İngiltere, Pazartesi günü Samoa’da başlayan Commonwealth ülkeleri toplantısında tarihi transatlantik köleliğin tazminatı konusunu masaya getirmeyecek, ancak bunu tartışmak isteyen liderlerle görüşmeye açık.
Kökleri İngiltere’nin eski imparatorluğuna dayanan 56 ülkeden liderler ve yetkililer bu hafta Pasifik Ada ülkesindeki Commonwealth Hükümet Başkanları Toplantısı’na (CHOGM) katılacak.
Ardışık İngiliz hükümetleri tazminat çağrılarını reddetti, ancak Karayip Topluluğu (CARICOM) tazminat komisyonu başkanı Hilary Beckles, Reuters’e verdiği demeçte, bu duruşun 14 yıllık Muhafazakar yönetimden sonra yeni İşçi yönetimi altında değişebileceğine dair umutlar olduğunu söyledi.
Samoa toplantısına hem İngiltere Başbakanı Keir Starmer hem de Kral Charles katılacak.
Ancak Starmer sözcüsü Pazartesi günü yaptığı açıklamada, tazminatların gündeminde olmadığını yineledi.
Sözcü, “Tazminat ödemiyoruz” dedi. “Özür konusundaki tutum aynı kalıyor. CHOGM’DE özür dilemeyeceğiz.”
Tazminatlar Starmer’ın “resmi” Commonwealth gündeminde olmasa da sözcüsü, “bu konularda ortaklarla ilişki kurmaya devam edeceklerini” söyledi.
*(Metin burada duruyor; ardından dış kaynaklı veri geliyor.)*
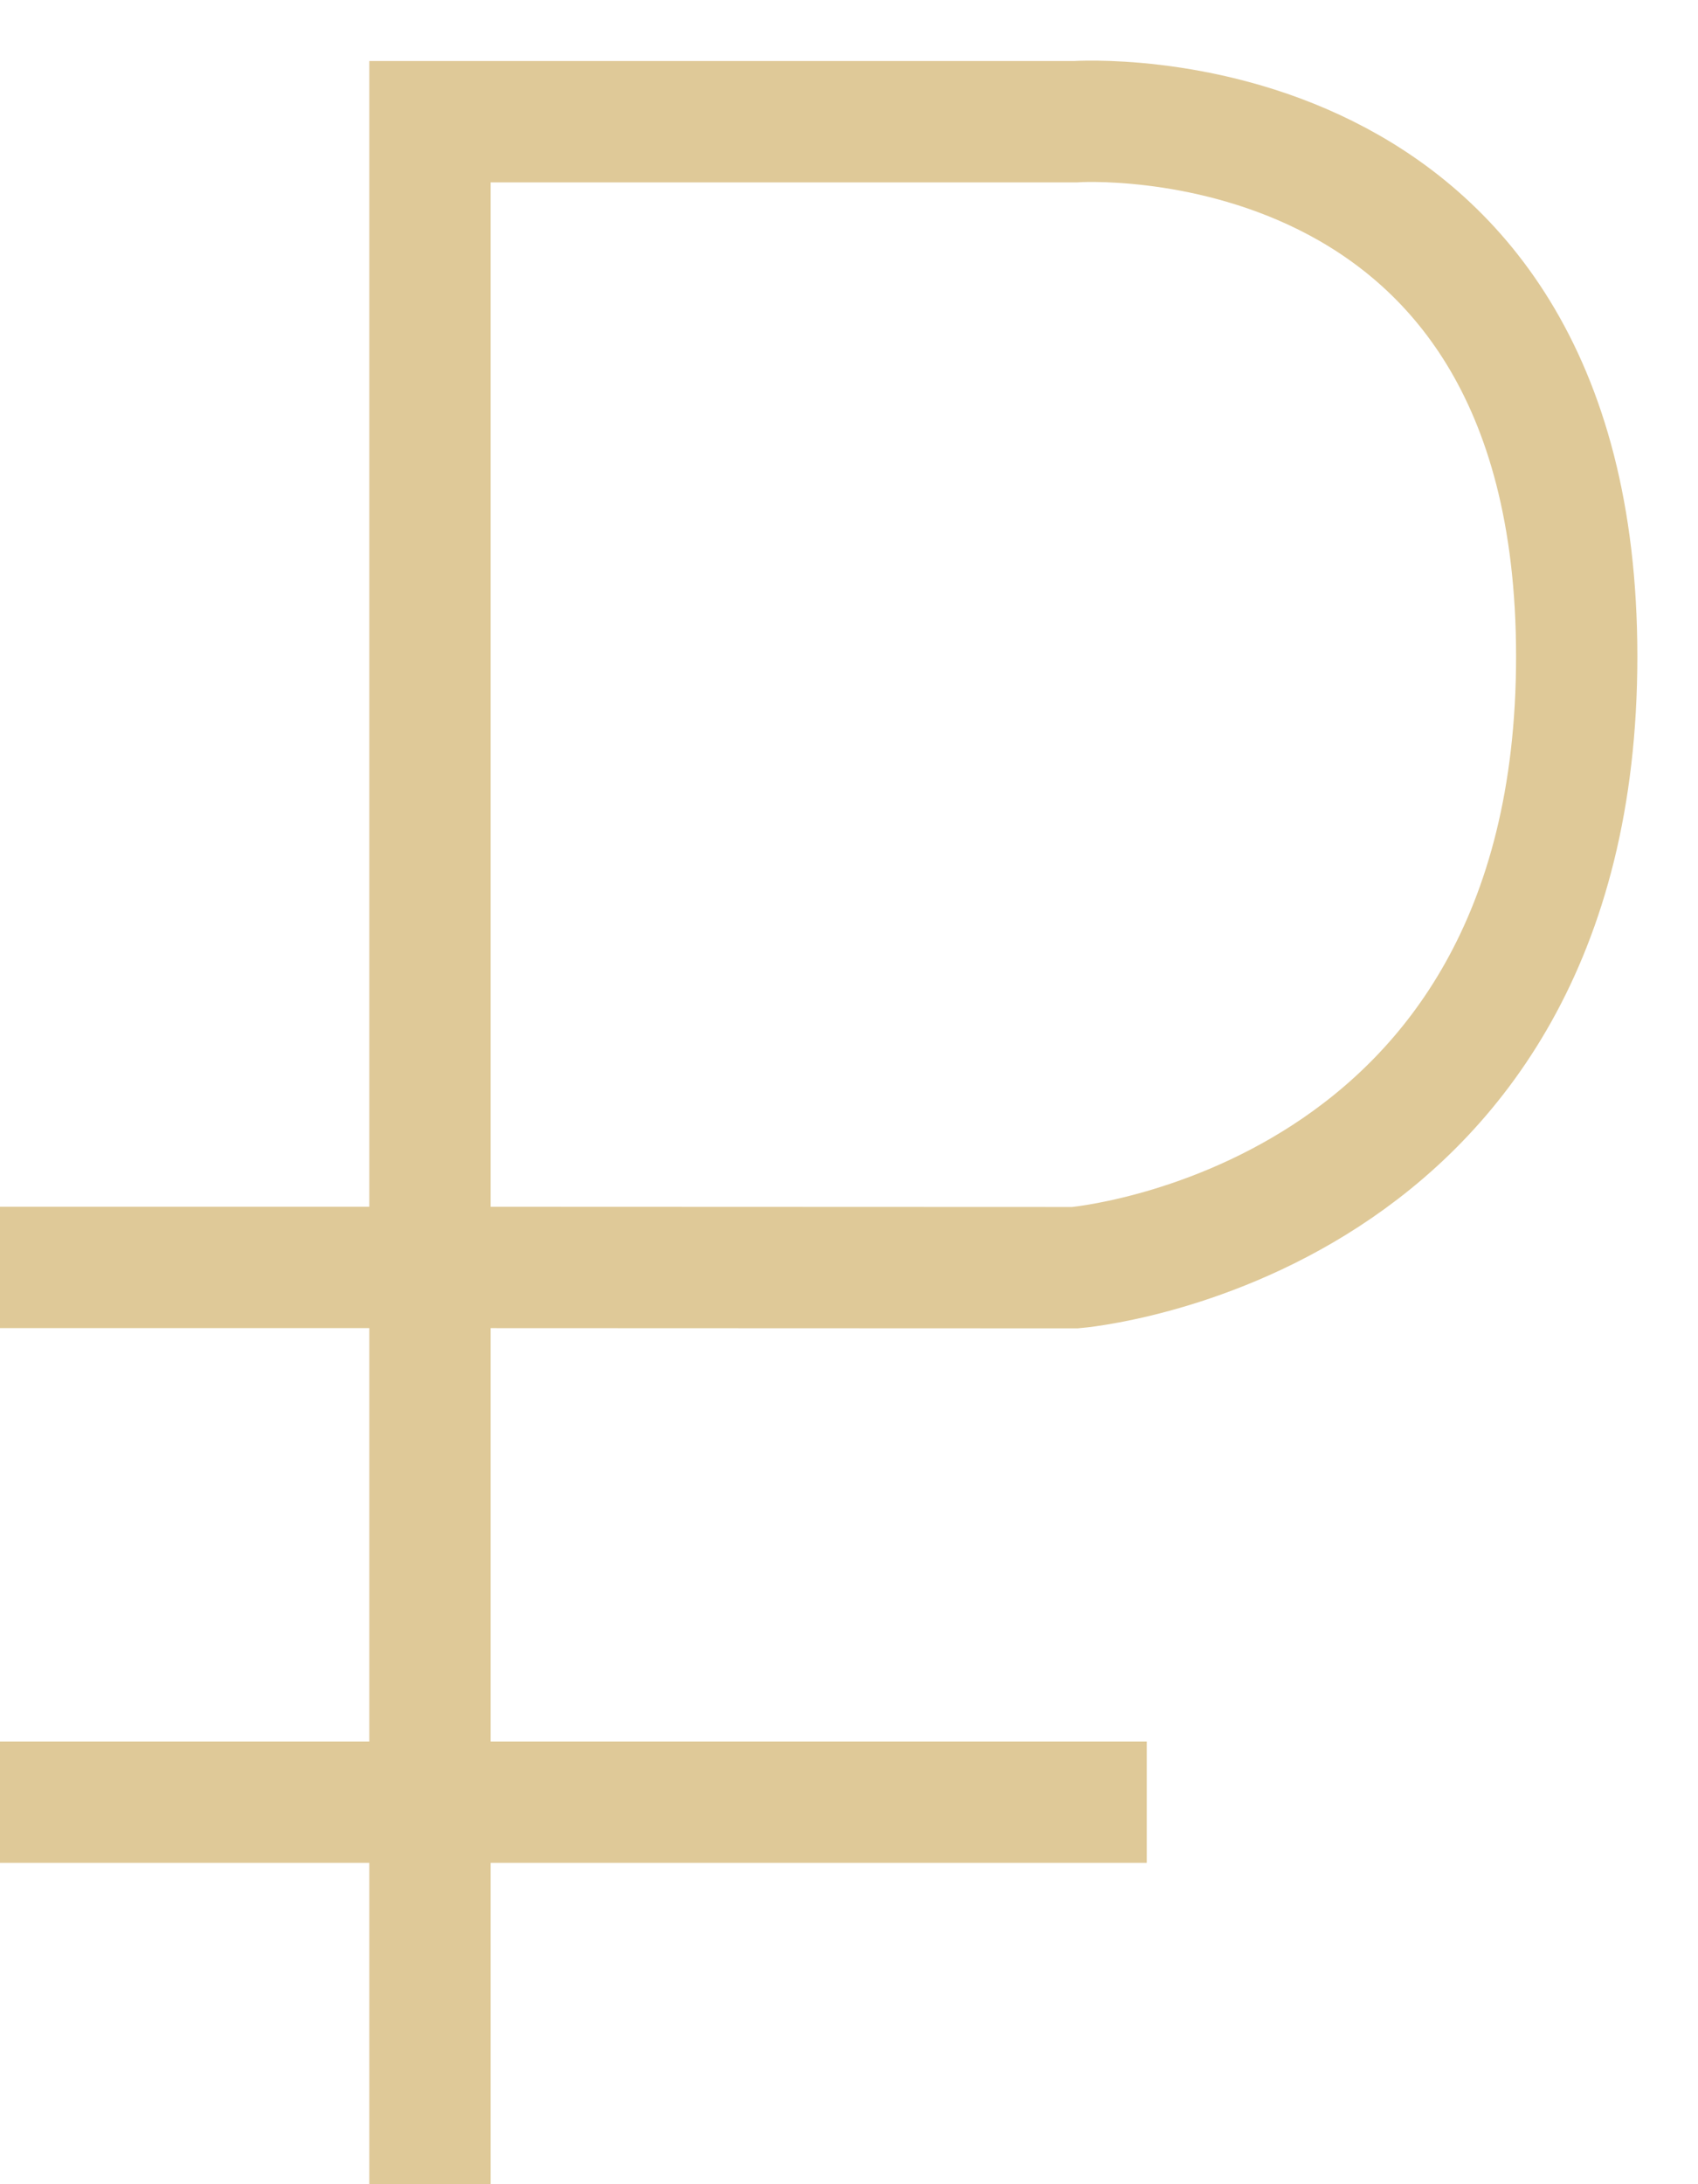 <?xml version="1.0" encoding="UTF-8"?> <svg xmlns="http://www.w3.org/2000/svg" width="14" height="18" viewBox="0 0 14 18" fill="none"><path d="M3.545 18V14.852M0 10.445H3.545M3.545 10.445V14.852M3.545 10.445V1.003H8.864C8.864 1.003 13 0.717 13 5.41C13 10.104 8.864 10.447 8.864 10.447L3.545 10.445ZM0 14.852H3.545M3.545 14.852H9.455" stroke="#DFC998"></path></svg>

Jamaika ve Barbados gibi 15 üye ülkeyi bir araya getiren Carıcom’da konuya aşina olan bir kaynak, Reuters chogm’a tazminat konusunda diyalog için önemli bir fırsat sunduğunu ve bölgenin sorunu orada gündeme getireceğini söyledi.
Trinidad ve Tobago Başbakanı Keith Rowley, Temmuz ayında CARICOM tarafından Samoa’daki tazminatlar hakkında “çok güçlü bir şekilde” konuşma kararı alındığını söyledi.
Commonwealth’in bir sonraki genel sekreteri olmak için aday olan üç aday da tazminatları destekliyor.
Carıcom’un yalnızca ağır finansal ödemelere odaklanmayan bir tazminat planı vardır. Diğer önlemlerin yanı sıra, Avrupa ülkelerini resmi olarak özür dilemeye çağırıyor ve eğitim programları için destek talep ediyor.
Köleliğin tazminatı fikri uzun süredir devam ediyor, ancak dünya çapında ivme kazanıyor. Muhalifler, ülkelerin tarihsel yanlışlardan sorumlu tutulmaması gerektiğini söylerken, savunucular köleliğin mirasının bugün kalıcı ve geniş ırksal eşitsizliklerle sonuçlandığını söylüyor.